* [WHAT THE TASK ASKS]:
The listing is to be repeated exactly, and its pictures are to be left out.
┌──
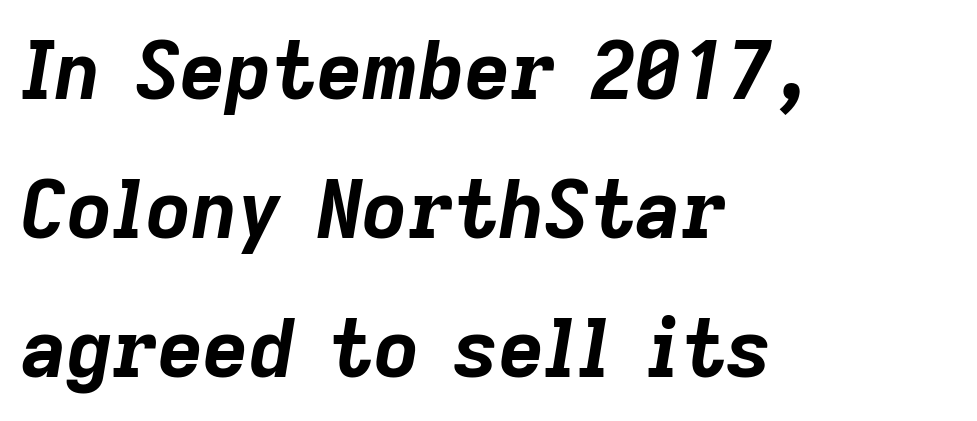
{"italic": "yes", "lean": "right", "slant_degrees": 9, "bold": "yes", "weight": "bold", "width": "normal", "stroke_contrast": "low", "x_height": "medium", "monospaced": "no", "underline": "no", "align": "left", "line_spacing_ratio": 1.76, "letter_spacing": "normal", "letter_spacing_em": 0.0, "glyph_px": 79}
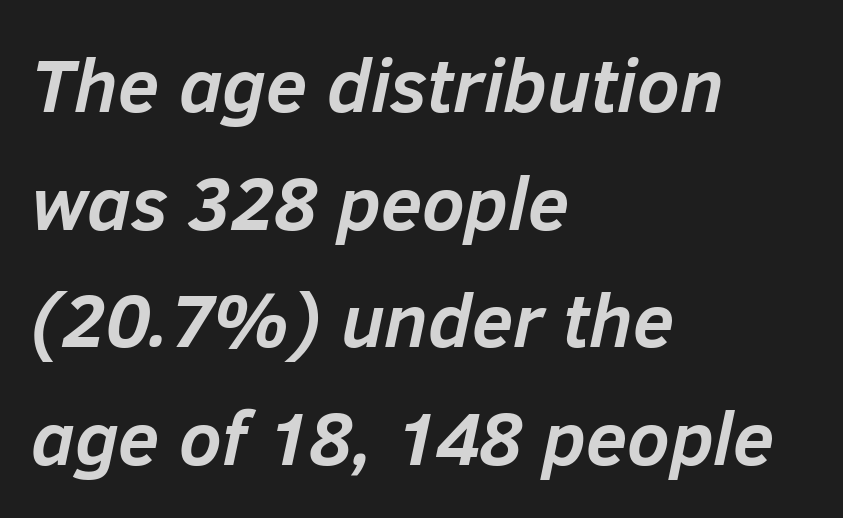
{"italic": "yes", "lean": "right", "slant_degrees": 12, "bold": "yes", "weight": "semibold", "width": "normal", "stroke_contrast": "low", "x_height": "medium", "monospaced": "no", "underline": "no", "align": "left", "line_spacing": "normal", "line_spacing_ratio": 1.57, "letter_spacing": "normal", "letter_spacing_em": 0.0, "glyph_px": 75}
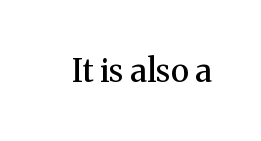
The image shows 32 px semibold serif type, upright; set normal letter spacing, not underlined; medium stroke contrast and a medium x-height.
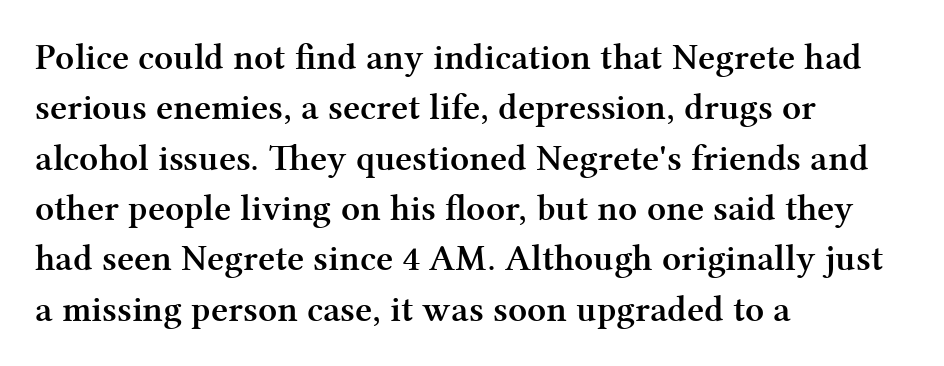
The image shows 37 px semibold serif type, upright; set left-aligned, normal line spacing (1.36x), normal letter spacing, not underlined; medium stroke contrast and a medium x-height.
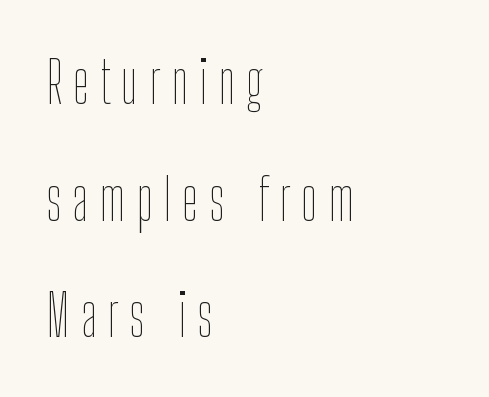
Q: Is the text bold? A: No.
Q: Is the text italic (slanted)? A: No, it is upright.
Q: Is the text underlined? A: No.
Q: How is the paragraph aligned? A: Left-aligned.
Q: Is the spacing between lines tight, normal or loose? A: Loose.
Q: Width (condensed, normal, or wide)? A: Condensed.
Q: Stroke contrast? A: Low.
Q: x-height? A: Medium.
Q: Monospaced? A: No.
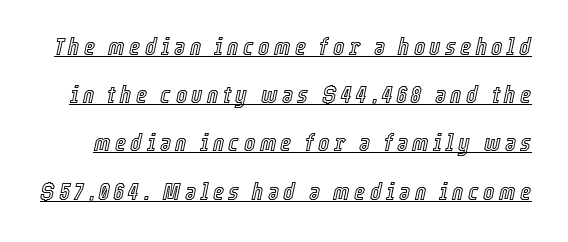
The image shows 24 px text type, italic (leaning right); set loose line spacing (2.01x), underlined.
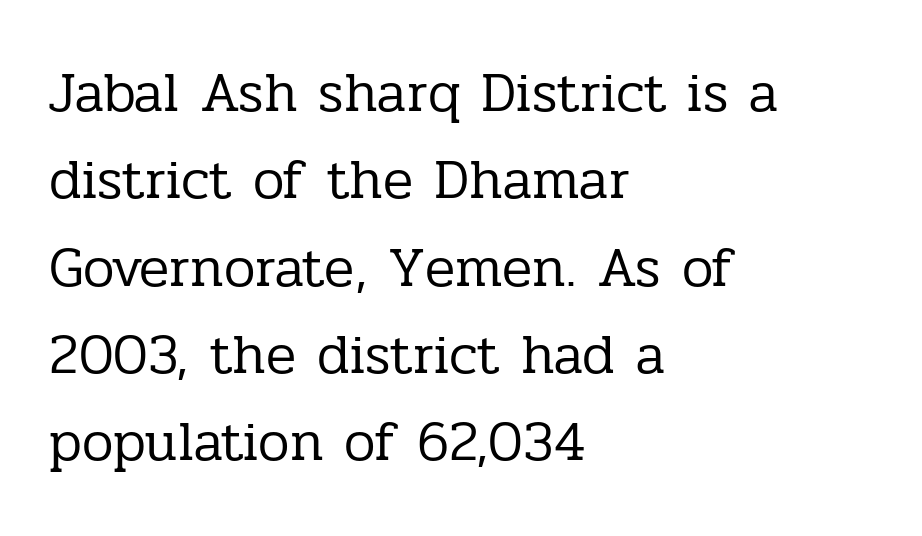
The image shows 56 px regular-weight serif type, upright; set left-aligned, normal line spacing (1.56x), normal letter spacing, not underlined; low stroke contrast and a medium x-height.
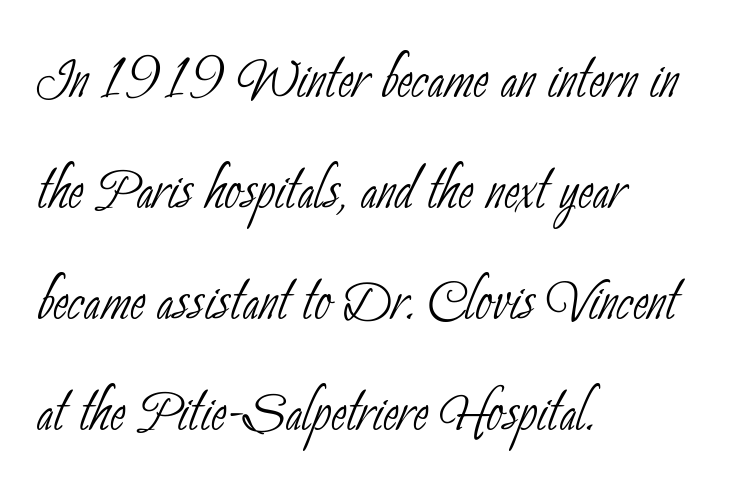
{"serif": "no", "bold": "no", "weight": "thin", "width": "condensed", "stroke_contrast": "low", "x_height": "small", "monospaced": "no", "underline": "no", "align": "left", "line_spacing": "normal", "line_spacing_ratio": 1.5, "letter_spacing": "normal", "letter_spacing_em": 0.0, "glyph_px": 74}
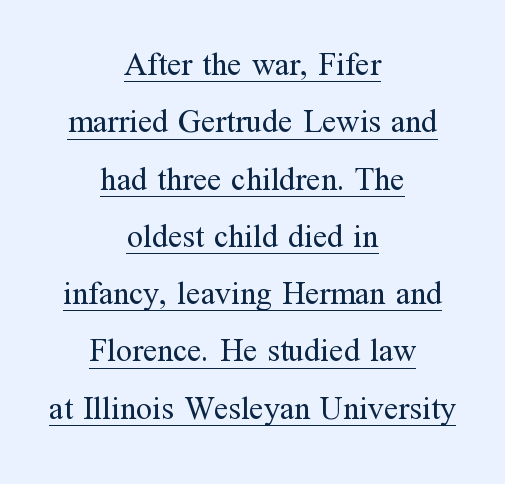
Q: Is the text bold? A: No.
Q: Is the text italic (slanted)? A: No, it is upright.
Q: Is the typeface a serif or a sans-serif typeface? A: Serif.
Q: Is the text underlined? A: Yes.
Q: How is the paragraph aligned? A: Centered.
Q: Is the spacing between letters normal or unusually wide? A: Normal.
Q: Width (condensed, normal, or wide)? A: Normal.
Q: Stroke contrast? A: Medium.
Q: x-height? A: Medium.
Q: Monospaced? A: No.
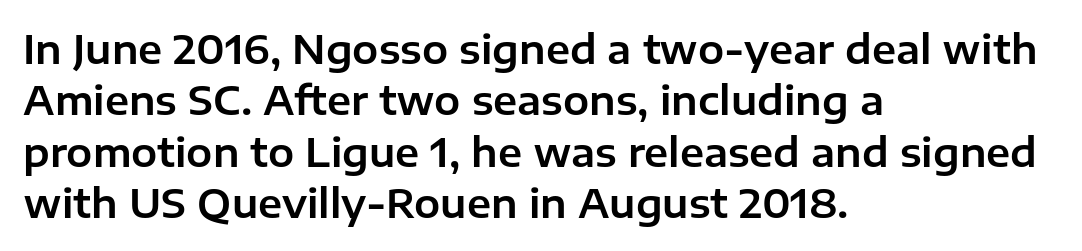
Classification — sans serif. Tracking here is standard; glyphs follow each other at the usual distance. The ragged edge is on the right, which tells us the setting is flush left. Check the space under the baseline: it is left empty.
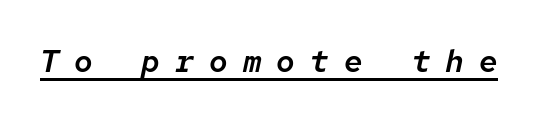
Q: Is the text italic (slanted)? A: Yes, it leans right by about 12 degrees.
Q: Is the text underlined? A: Yes.
Q: Is the spacing between letters normal or unusually wide? A: Unusually wide.
Q: Width (condensed, normal, or wide)? A: Normal.
Q: Stroke contrast? A: Low.
Q: x-height? A: Medium.
Q: Monospaced? A: Yes.
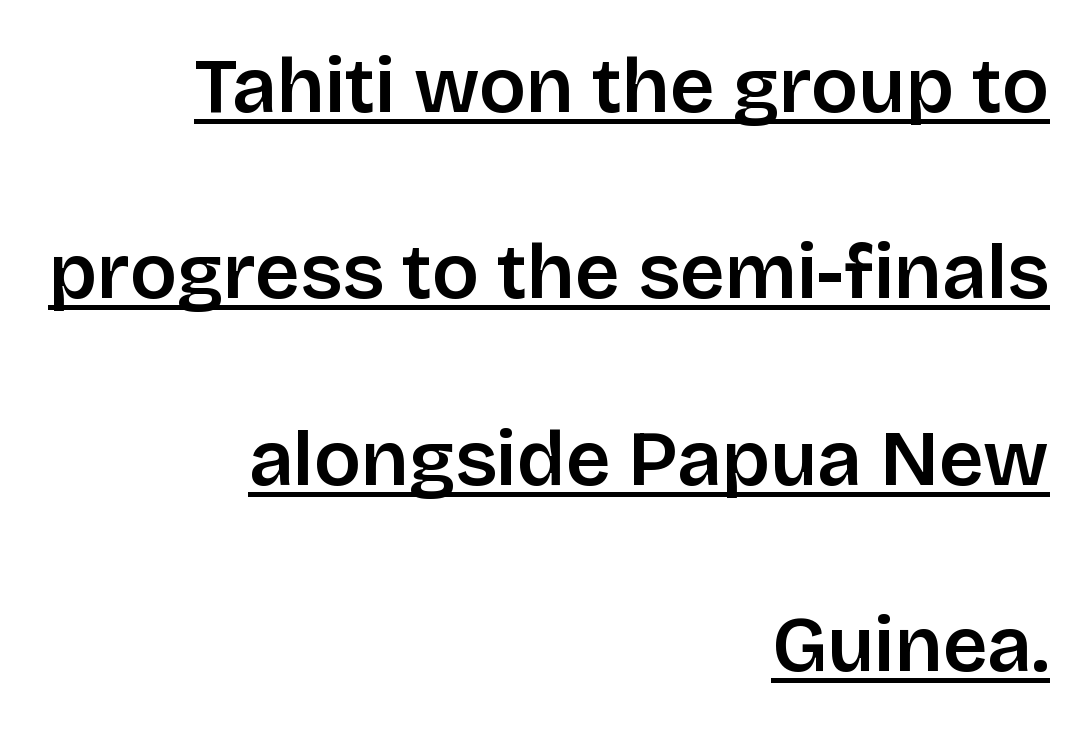
Q: Is the text italic (slanted)? A: No, it is upright.
Q: Is the typeface a serif or a sans-serif typeface? A: Sans-serif.
Q: Is the text underlined? A: Yes.
Q: How is the paragraph aligned? A: Right-aligned.
Q: Is the spacing between letters normal or unusually wide? A: Normal.
Q: Is the spacing between lines tight, normal or loose? A: Loose.
Q: Width (condensed, normal, or wide)? A: Normal.
Q: Stroke contrast? A: Low.
Q: x-height? A: Large.
Q: Monospaced? A: No.
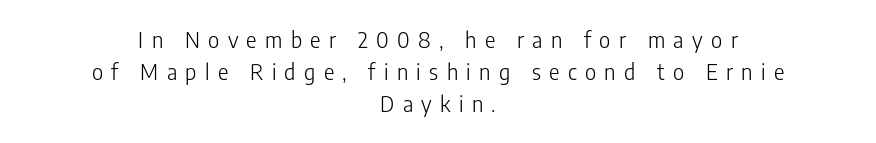
Q: Is the text bold? A: No.
Q: Is the text italic (slanted)? A: No, it is upright.
Q: Is the text underlined? A: No.
Q: How is the paragraph aligned? A: Centered.
Q: Is the spacing between letters normal or unusually wide? A: Unusually wide.
Q: Is the spacing between lines tight, normal or loose? A: Normal.
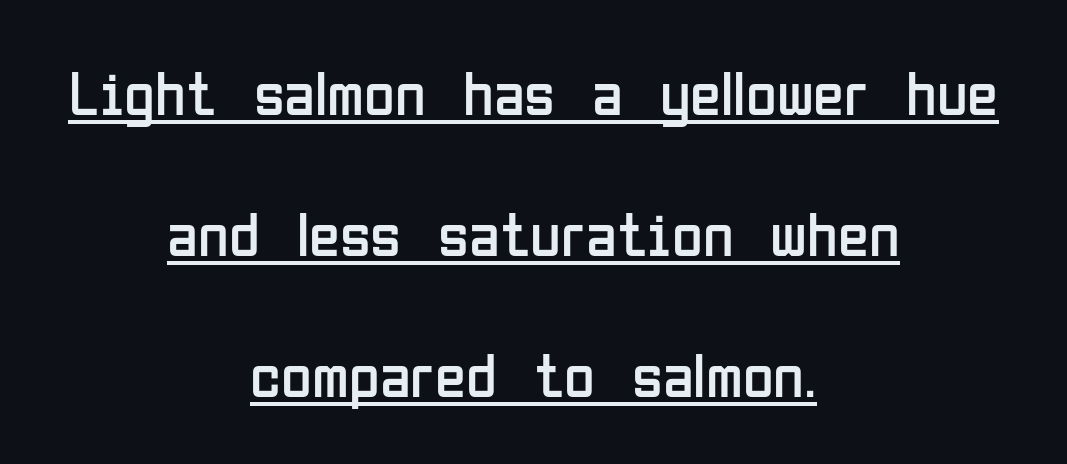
└──
* [ANSWER SECTION]:
{"italic": "yes", "lean": "right", "slant_degrees": 9, "bold": "yes", "weight": "bold", "width": "normal", "stroke_contrast": "low", "x_height": "medium", "monospaced": "no", "underline": "no", "align": "left", "line_spacing_ratio": 1.76, "letter_spacing": "normal", "letter_spacing_em": 0.0, "glyph_px": 79}
{"italic": "yes", "lean": "right", "slant_degrees": 12, "bold": "yes", "weight": "semibold", "width": "normal", "stroke_contrast": "low", "x_height": "medium", "monospaced": "no", "underline": "no", "align": "left", "line_spacing": "normal", "line_spacing_ratio": 1.57, "letter_spacing": "normal", "letter_spacing_em": 0.0, "glyph_px": 75}
The image shows 32 px semibold serif type, upright; set normal letter spacing, not underlined; medium stroke contrast and a medium x-height.
The image shows 37 px semibold serif type, upright; set left-aligned, normal line spacing (1.36x), normal letter spacing, not underlined; medium stroke contrast and a medium x-height.
Q: Is the text bold? A: No.
Q: Is the text italic (slanted)? A: No, it is upright.
Q: Is the text underlined? A: No.
Q: How is the paragraph aligned? A: Left-aligned.
Q: Is the spacing between lines tight, normal or loose? A: Loose.
Q: Width (condensed, normal, or wide)? A: Condensed.
Q: Stroke contrast? A: Low.
Q: x-height? A: Medium.
Q: Monospaced? A: No.
The image shows 24 px text type, italic (leaning right); set loose line spacing (2.01x), underlined.
The image shows 56 px regular-weight serif type, upright; set left-aligned, normal line spacing (1.56x), normal letter spacing, not underlined; low stroke contrast and a medium x-height.
{"serif": "no", "bold": "no", "weight": "thin", "width": "condensed", "stroke_contrast": "low", "x_height": "small", "monospaced": "no", "underline": "no", "align": "left", "line_spacing": "normal", "line_spacing_ratio": 1.5, "letter_spacing": "normal", "letter_spacing_em": 0.0, "glyph_px": 74}
Q: Is the text bold? A: No.
Q: Is the text italic (slanted)? A: No, it is upright.
Q: Is the typeface a serif or a sans-serif typeface? A: Serif.
Q: Is the text underlined? A: Yes.
Q: How is the paragraph aligned? A: Centered.
Q: Is the spacing between letters normal or unusually wide? A: Normal.
Q: Width (condensed, normal, or wide)? A: Normal.
Q: Stroke contrast? A: Medium.
Q: x-height? A: Medium.
Q: Monospaced? A: No.
Classification — sans serif. Tracking here is standard; glyphs follow each other at the usual distance. The ragged edge is on the right, which tells us the setting is flush left. Check the space under the baseline: it is left empty.
Q: Is the text italic (slanted)? A: Yes, it leans right by about 12 degrees.
Q: Is the text underlined? A: Yes.
Q: Is the spacing between letters normal or unusually wide? A: Unusually wide.
Q: Width (condensed, normal, or wide)? A: Normal.
Q: Stroke contrast? A: Low.
Q: x-height? A: Medium.
Q: Monospaced? A: Yes.
Q: Is the text italic (slanted)? A: No, it is upright.
Q: Is the typeface a serif or a sans-serif typeface? A: Sans-serif.
Q: Is the text underlined? A: Yes.
Q: How is the paragraph aligned? A: Right-aligned.
Q: Is the spacing between letters normal or unusually wide? A: Normal.
Q: Is the spacing between lines tight, normal or loose? A: Loose.
Q: Width (condensed, normal, or wide)? A: Normal.
Q: Stroke contrast? A: Low.
Q: x-height? A: Large.
Q: Monospaced? A: No.
Q: Is the text bold? A: No.
Q: Is the text italic (slanted)? A: No, it is upright.
Q: Is the text underlined? A: No.
Q: How is the paragraph aligned? A: Centered.
Q: Is the spacing between letters normal or unusually wide? A: Unusually wide.
Q: Is the spacing between lines tight, normal or loose? A: Normal.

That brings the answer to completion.